Since I have gotten a few years more of knowledge, and PHP5 has arrived, I though I should write a new version of it. I could reuse some of the code but alot was rewritten and redesigned totally. The script has two classes:
- One class to parse the Edit+ syntax files which gets converted into PHP files so that the syntax files doesn’t have to to be parsed for every request. If the given
.stxfile has a newer timestamp than the cached PHP file the PHP file will be regenerated. Alot of this code could be reused from the older version - The actual highlighting class. This class was almost entirely rewritten. Here I loop through every character of the code to highlight. When a keyword, delimiter or something else detectable is matched I grab that and searches forward to where the rule ends. In the older version I had a different approach where the code was splitted on newlines so I looped through line by line and for each line I looped throuh each charachter and did a similar match as in the new version.

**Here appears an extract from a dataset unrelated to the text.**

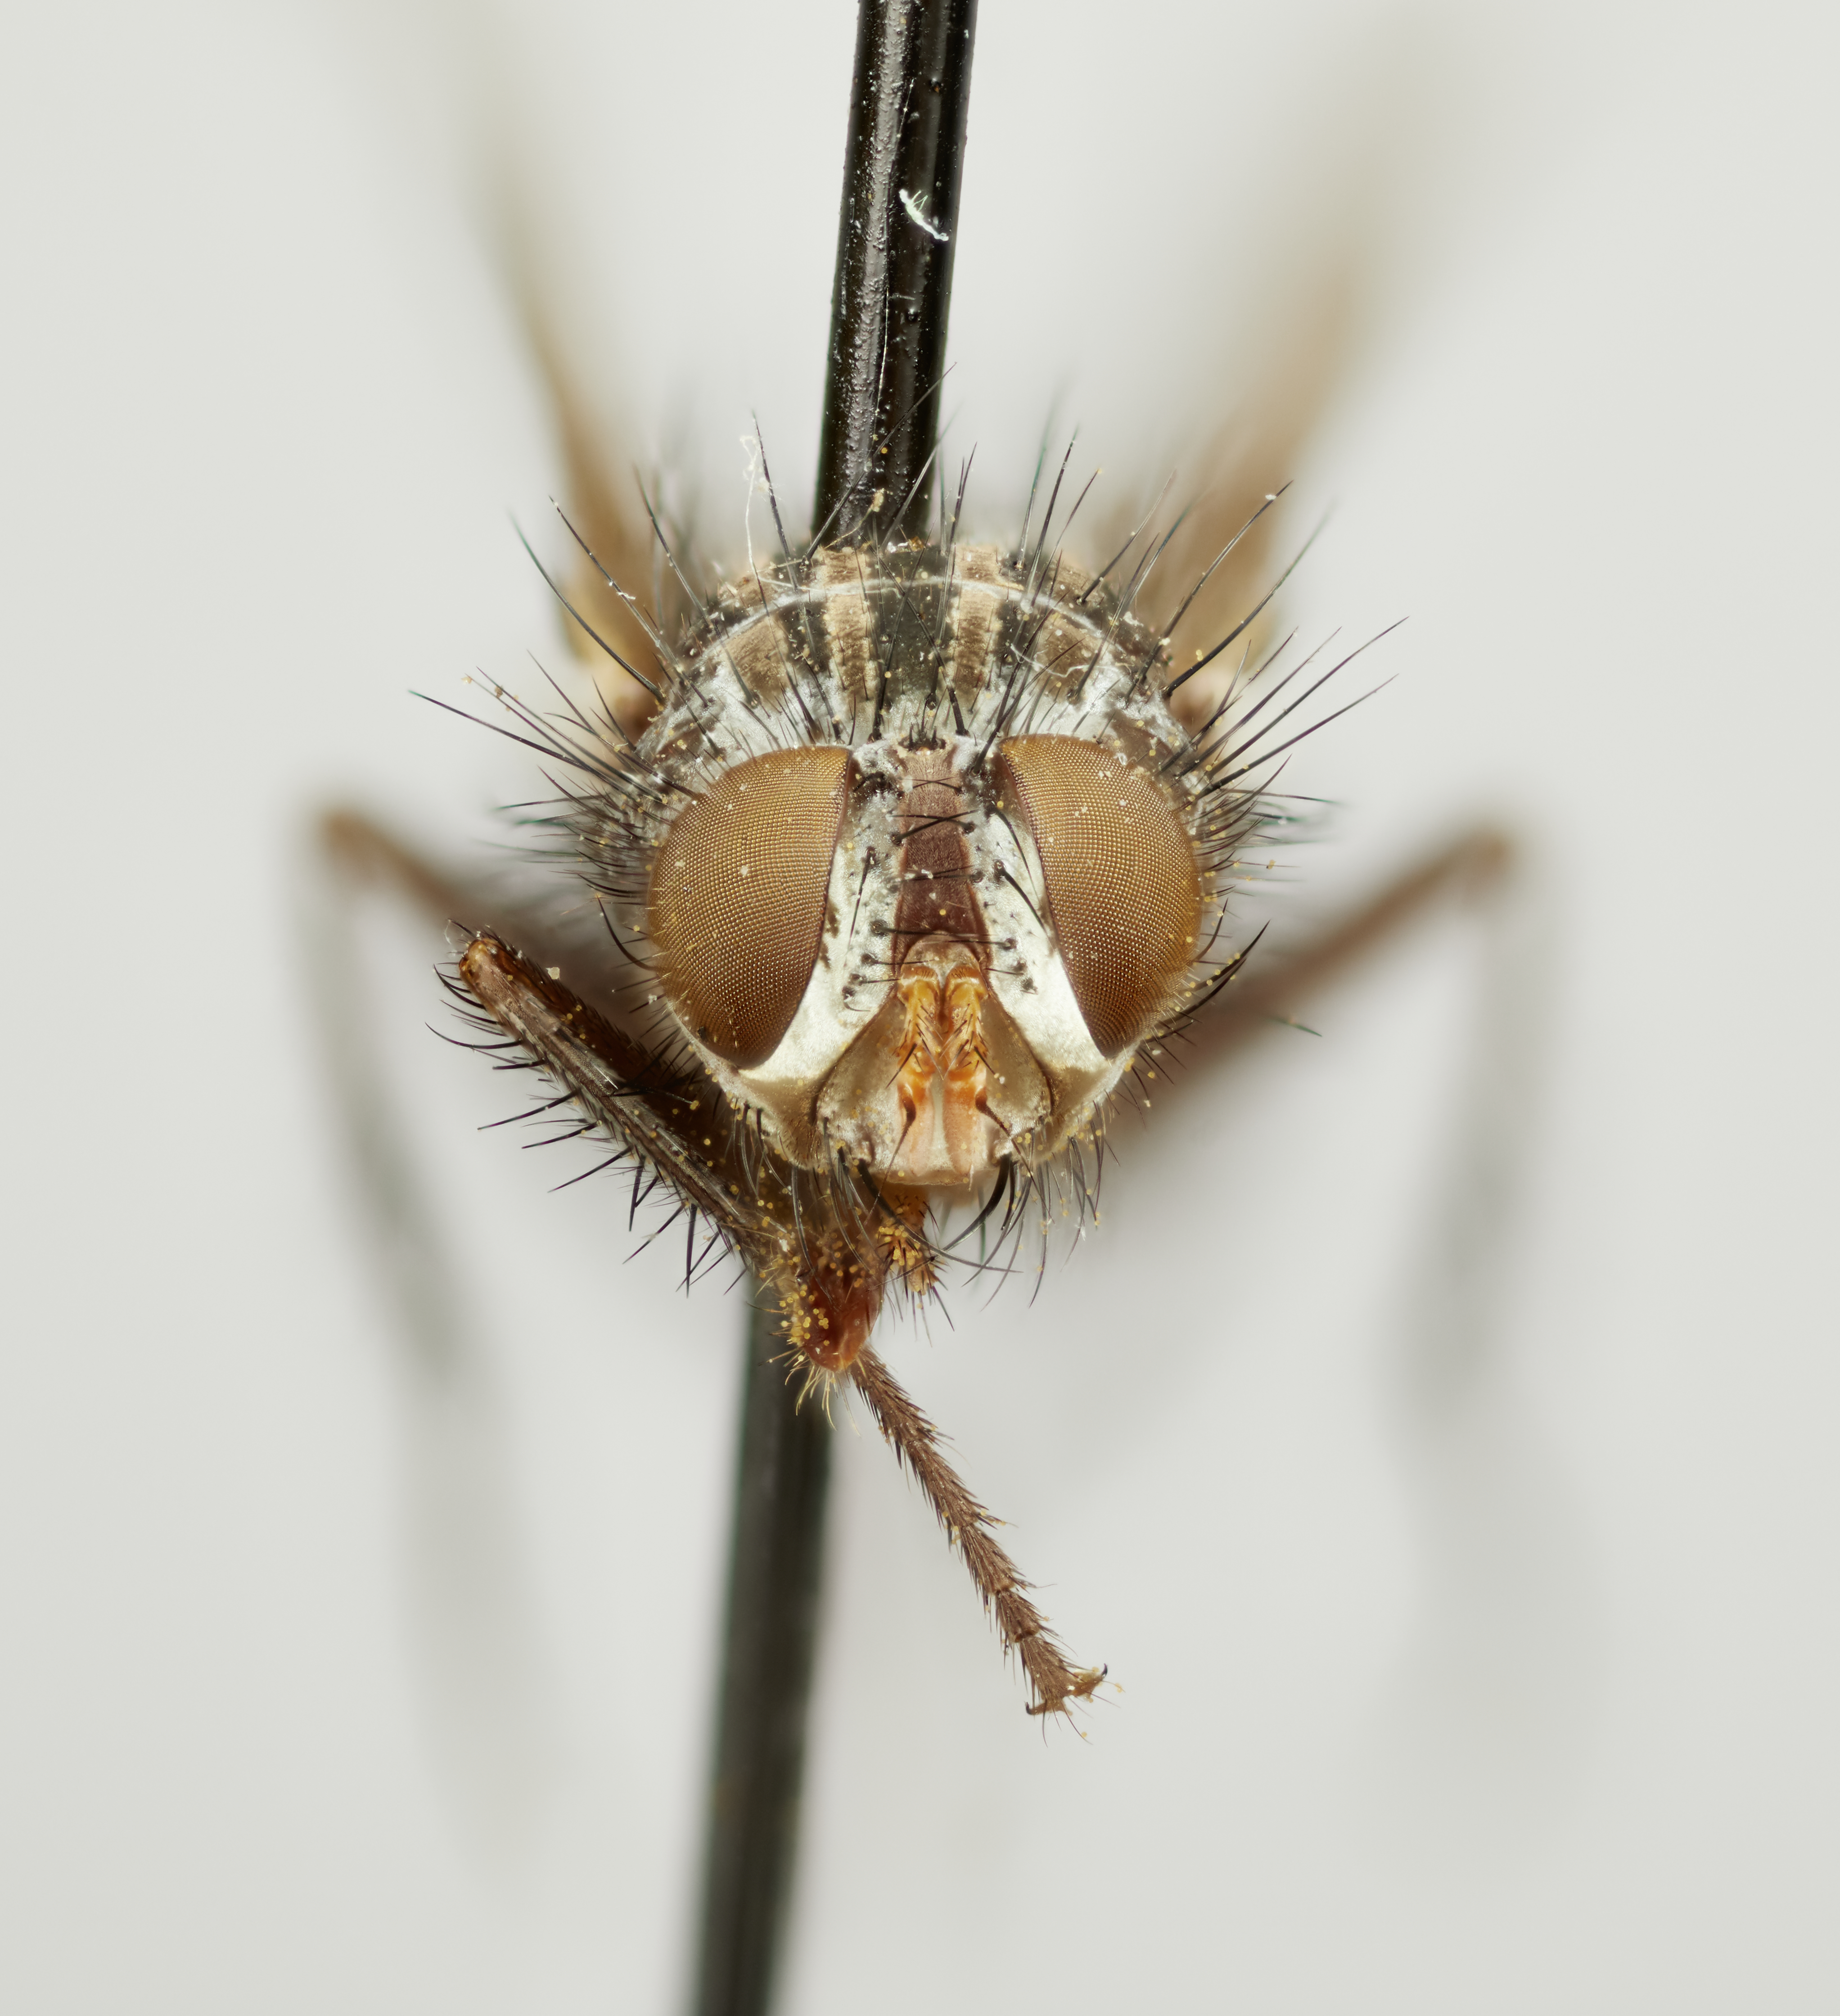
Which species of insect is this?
Xanthoernestia antennalis

The new approach has some advantages:
- There’s no need to duplicate the code wich means a lot less memory is used.
- Fewer flags is needed since when I match a detectable rule I at once search for the end of the rule. This means that fewer
.stxstatements is needed wich speeds thing up alot.And foremost the code got much much cleaner!
Anyhow! There are a few minor bugs but the code is pretty usable (I have implemented it here in the blogging system). I added the scripts with documentation and a simple example on the server for anyone to download.
The Syntaxer2 can be found and downloaded over here. Some bug fixes and more examples will be done in the very near future.